═══ Data records

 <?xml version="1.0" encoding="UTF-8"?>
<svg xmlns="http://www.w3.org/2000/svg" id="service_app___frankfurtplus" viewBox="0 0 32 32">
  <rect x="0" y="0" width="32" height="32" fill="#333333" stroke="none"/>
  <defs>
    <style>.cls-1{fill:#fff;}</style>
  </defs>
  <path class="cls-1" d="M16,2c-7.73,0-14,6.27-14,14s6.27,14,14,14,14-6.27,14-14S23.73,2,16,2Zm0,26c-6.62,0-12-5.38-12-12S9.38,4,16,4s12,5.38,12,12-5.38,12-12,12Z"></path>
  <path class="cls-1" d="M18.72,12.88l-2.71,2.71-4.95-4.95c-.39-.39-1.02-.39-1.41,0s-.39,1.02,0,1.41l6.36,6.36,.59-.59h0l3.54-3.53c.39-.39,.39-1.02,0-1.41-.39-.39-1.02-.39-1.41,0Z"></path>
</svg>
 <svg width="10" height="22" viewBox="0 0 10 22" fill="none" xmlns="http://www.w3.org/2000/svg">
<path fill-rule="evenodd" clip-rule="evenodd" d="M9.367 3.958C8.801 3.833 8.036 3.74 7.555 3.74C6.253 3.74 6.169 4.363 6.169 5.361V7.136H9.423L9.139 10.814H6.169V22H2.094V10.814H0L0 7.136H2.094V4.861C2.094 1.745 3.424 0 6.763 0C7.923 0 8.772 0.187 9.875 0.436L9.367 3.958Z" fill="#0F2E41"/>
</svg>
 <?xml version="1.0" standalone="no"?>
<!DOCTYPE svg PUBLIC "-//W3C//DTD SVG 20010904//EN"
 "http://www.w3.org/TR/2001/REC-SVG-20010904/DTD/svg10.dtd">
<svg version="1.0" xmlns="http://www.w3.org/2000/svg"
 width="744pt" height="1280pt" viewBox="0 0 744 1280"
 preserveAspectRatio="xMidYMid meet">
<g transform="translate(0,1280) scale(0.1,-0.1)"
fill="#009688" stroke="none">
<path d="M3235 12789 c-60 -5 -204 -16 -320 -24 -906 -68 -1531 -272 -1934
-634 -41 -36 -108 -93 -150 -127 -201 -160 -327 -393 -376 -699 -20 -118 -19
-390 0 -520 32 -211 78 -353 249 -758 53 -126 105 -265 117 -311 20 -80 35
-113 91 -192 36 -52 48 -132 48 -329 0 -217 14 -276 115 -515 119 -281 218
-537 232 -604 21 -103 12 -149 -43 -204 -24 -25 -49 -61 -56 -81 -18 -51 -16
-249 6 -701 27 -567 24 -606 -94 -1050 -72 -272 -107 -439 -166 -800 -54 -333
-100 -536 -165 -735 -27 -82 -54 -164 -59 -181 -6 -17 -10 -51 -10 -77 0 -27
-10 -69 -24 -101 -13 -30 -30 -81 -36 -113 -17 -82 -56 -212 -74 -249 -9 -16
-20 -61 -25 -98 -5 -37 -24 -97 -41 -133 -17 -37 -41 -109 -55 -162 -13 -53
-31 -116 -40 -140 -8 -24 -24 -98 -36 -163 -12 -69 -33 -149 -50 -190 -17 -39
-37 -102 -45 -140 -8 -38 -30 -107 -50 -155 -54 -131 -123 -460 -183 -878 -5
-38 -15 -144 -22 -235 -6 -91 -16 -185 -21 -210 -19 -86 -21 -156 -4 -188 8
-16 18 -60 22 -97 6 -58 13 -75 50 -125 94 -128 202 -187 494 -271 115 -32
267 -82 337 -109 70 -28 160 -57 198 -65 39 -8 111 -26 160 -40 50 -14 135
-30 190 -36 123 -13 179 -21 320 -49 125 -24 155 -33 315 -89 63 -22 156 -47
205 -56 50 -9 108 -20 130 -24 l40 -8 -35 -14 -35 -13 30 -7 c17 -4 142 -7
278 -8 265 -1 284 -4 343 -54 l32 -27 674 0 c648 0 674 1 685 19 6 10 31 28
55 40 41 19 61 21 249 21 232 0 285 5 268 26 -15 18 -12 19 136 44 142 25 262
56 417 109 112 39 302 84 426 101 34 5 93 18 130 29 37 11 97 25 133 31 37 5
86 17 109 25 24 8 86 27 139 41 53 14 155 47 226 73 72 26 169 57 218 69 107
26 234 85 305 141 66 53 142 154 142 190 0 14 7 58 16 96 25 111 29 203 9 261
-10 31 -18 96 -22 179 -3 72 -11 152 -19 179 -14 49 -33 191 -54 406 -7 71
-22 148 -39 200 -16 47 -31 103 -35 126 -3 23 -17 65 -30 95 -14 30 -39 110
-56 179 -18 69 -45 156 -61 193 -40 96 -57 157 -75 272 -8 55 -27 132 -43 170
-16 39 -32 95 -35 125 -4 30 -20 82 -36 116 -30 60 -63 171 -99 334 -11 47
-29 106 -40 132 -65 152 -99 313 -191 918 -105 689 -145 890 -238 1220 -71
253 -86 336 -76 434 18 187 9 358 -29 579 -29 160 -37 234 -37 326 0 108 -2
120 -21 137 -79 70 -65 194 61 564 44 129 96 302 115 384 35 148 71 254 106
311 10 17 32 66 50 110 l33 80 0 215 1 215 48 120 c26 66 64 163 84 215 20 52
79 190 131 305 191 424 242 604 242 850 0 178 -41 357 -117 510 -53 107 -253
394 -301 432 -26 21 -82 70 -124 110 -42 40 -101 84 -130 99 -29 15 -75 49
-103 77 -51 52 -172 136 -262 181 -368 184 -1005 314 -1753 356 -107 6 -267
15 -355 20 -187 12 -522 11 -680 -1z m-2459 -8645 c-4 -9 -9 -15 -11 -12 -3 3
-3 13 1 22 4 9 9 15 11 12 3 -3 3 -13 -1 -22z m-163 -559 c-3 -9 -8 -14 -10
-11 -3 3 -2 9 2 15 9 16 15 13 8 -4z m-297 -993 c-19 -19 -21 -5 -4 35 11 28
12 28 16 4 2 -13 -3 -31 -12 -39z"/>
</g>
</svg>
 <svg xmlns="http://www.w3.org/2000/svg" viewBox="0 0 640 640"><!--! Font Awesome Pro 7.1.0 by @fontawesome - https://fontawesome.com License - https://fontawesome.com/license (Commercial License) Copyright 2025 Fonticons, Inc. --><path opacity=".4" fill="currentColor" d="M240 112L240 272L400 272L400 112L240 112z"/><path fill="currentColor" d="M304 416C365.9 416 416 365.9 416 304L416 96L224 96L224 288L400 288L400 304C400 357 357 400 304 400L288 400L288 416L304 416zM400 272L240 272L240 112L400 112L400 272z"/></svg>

══════

How to complete this task: Copy the lines above exactly, beginning at the line that has "-249 6 -701" and stopping after the line that has "-30 190 -36", and omit the rest.

Solution:
-249 6 -701 27 -567 24 -606 -94 -1050 -72 -272 -107 -439 -166 -800 -54 -333
-100 -536 -165 -735 -27 -82 -54 -164 -59 -181 -6 -17 -10 -51 -10 -77 0 -27
-10 -69 -24 -101 -13 -30 -30 -81 -36 -113 -17 -82 -56 -212 -74 -249 -9 -16
-20 -61 -25 -98 -5 -37 -24 -97 -41 -133 -17 -37 -41 -109 -55 -162 -13 -53
-31 -116 -40 -140 -8 -24 -24 -98 -36 -163 -12 -69 -33 -149 -50 -190 -17 -39
-37 -102 -45 -140 -8 -38 -30 -107 -50 -155 -54 -131 -123 -460 -183 -878 -5
-38 -15 -144 -22 -235 -6 -91 -16 -185 -21 -210 -19 -86 -21 -156 -4 -188 8
-16 18 -60 22 -97 6 -58 13 -75 50 -125 94 -128 202 -187 494 -271 115 -32
267 -82 337 -109 70 -28 160 -57 198 -65 39 -8 111 -26 160 -40 50 -14 135
-30 190 -36 123 -13 179 -21 320 -49 125 -24 155 -33 315 -89 63 -22 156 -47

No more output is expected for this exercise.